__Task details__:
Look below for the line that contains "1.2 s after image 1.", and write out exactly that line and all remaining lines of the listing, omitting pictures.

__Data for this exercise__:
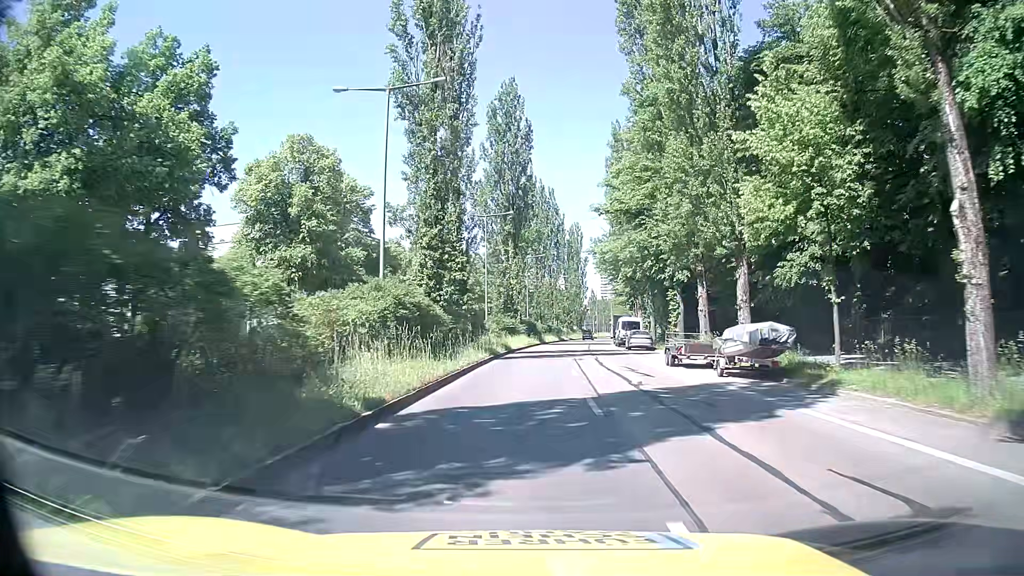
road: secondary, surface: asphalt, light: Day
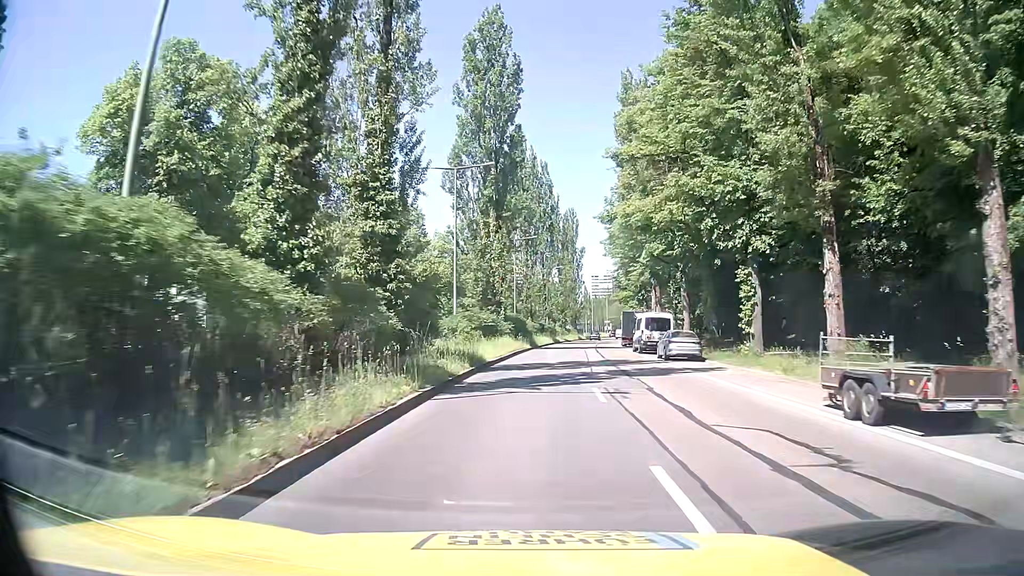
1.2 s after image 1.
(+0.3, +16.2) m; +1°
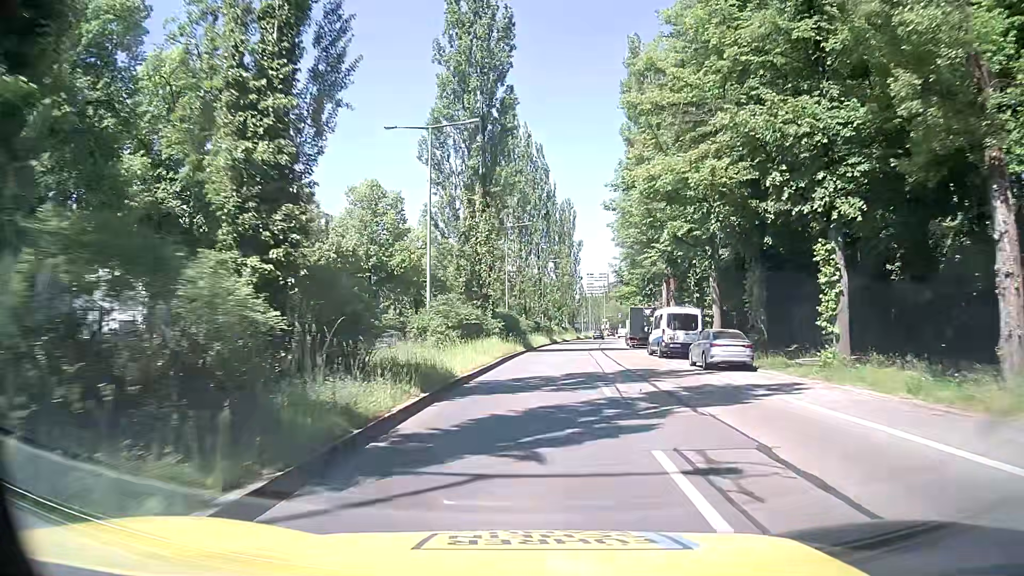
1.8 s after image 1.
(0.0, +8.1) m; 0°
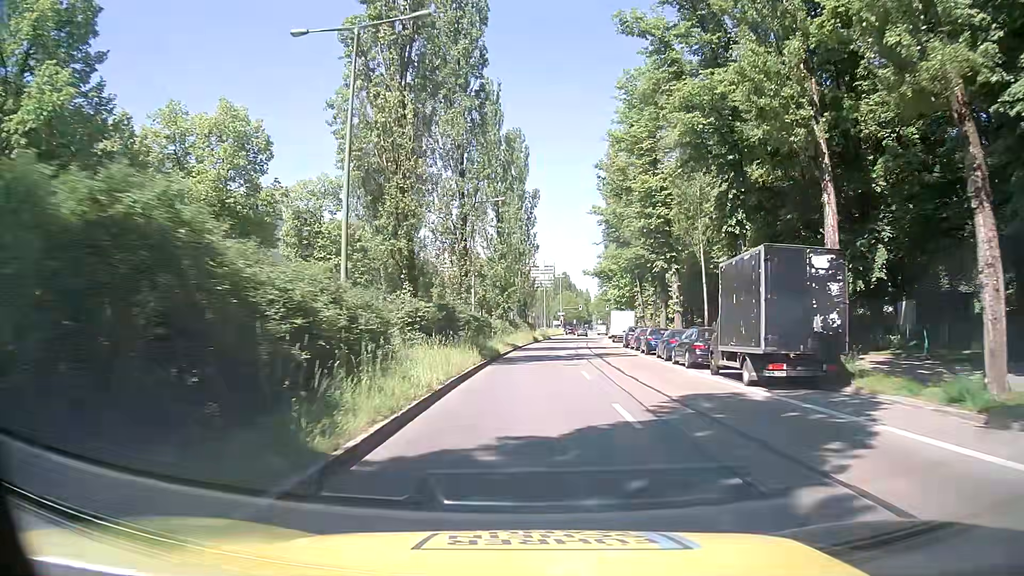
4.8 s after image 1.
(+1.6, +40.6) m; +5°

__Task solution__:
1.2 s after image 1.
(+0.3, +16.2) m; +1°
1.8 s after image 1.
(0.0, +8.1) m; 0°
4.8 s after image 1.
(+1.6, +40.6) m; +5°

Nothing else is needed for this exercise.